Data excerpt>
# # # # #

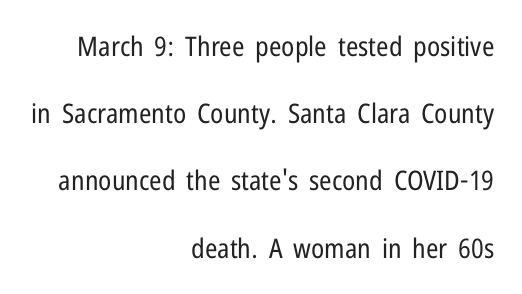
Is this a heavy cut? Hardly; it is regular or lighter. The line texture is even and compact thanks to regular tracking. Ordinary non-slanted type is in use. Every row of glyphs terminates at an identical x-position on the right. Leading: increased. Decoration check: the copy has no underline.
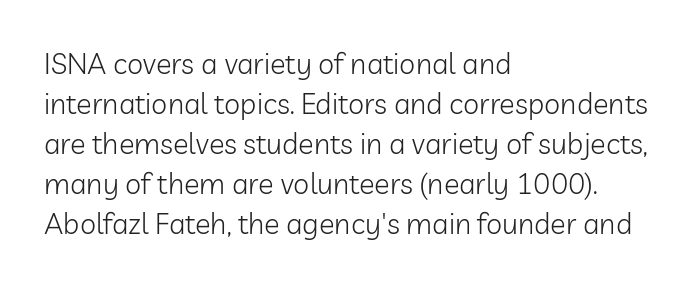
The image shows 29 px light sans-serif type, upright; set left-aligned, normal line spacing (1.38x), normal letter spacing, not underlined; low stroke contrast and a medium x-height.
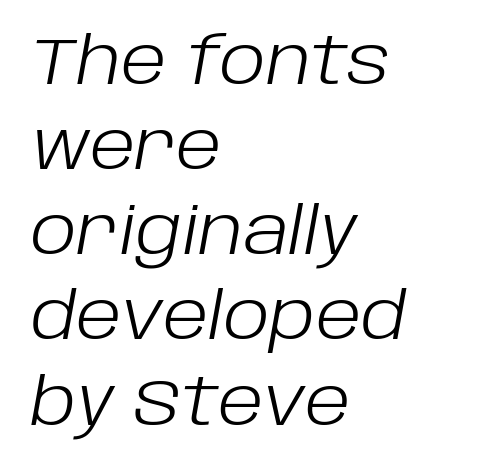
{"italic": "yes", "lean": "right", "slant_degrees": 10, "bold": "no", "weight": "light", "width": "normal", "stroke_contrast": "low", "x_height": "large", "monospaced": "no", "underline": "no", "align": "left", "line_spacing": "normal", "line_spacing_ratio": 1.29, "letter_spacing": "normal", "letter_spacing_em": 0.0, "glyph_px": 66}
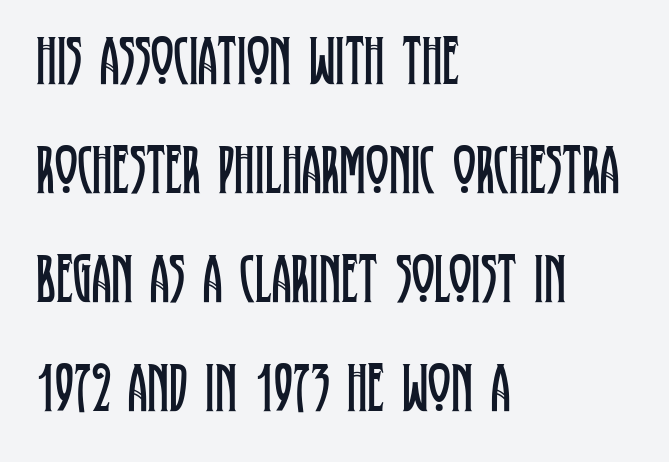
Compared with typical paragraphs, the rows here are spaced about the same. Do the characters align in a grid? No, the font is proportional. The cut favours lightness, reaching ordinary text weight at its darkest. The ragged edge is on the right, which tells us the setting is flush left.

# # # # #

Problem requirements>
Reproduce the listing exactly, minus its pictures.

Answer to this exercise>
Is this a heavy cut? Hardly; it is regular or lighter. The line texture is even and compact thanks to regular tracking. Ordinary non-slanted type is in use. Every row of glyphs terminates at an identical x-position on the right. Leading: increased. Decoration check: the copy has no underline.
The image shows 29 px light sans-serif type, upright; set left-aligned, normal line spacing (1.38x), normal letter spacing, not underlined; low stroke contrast and a medium x-height.
{"italic": "yes", "lean": "right", "slant_degrees": 10, "bold": "no", "weight": "light", "width": "normal", "stroke_contrast": "low", "x_height": "large", "monospaced": "no", "underline": "no", "align": "left", "line_spacing": "normal", "line_spacing_ratio": 1.29, "letter_spacing": "normal", "letter_spacing_em": 0.0, "glyph_px": 66}
Compared with typical paragraphs, the rows here are spaced about the same. Do the characters align in a grid? No, the font is proportional. The cut favours lightness, reaching ordinary text weight at its darkest. The ragged edge is on the right, which tells us the setting is flush left.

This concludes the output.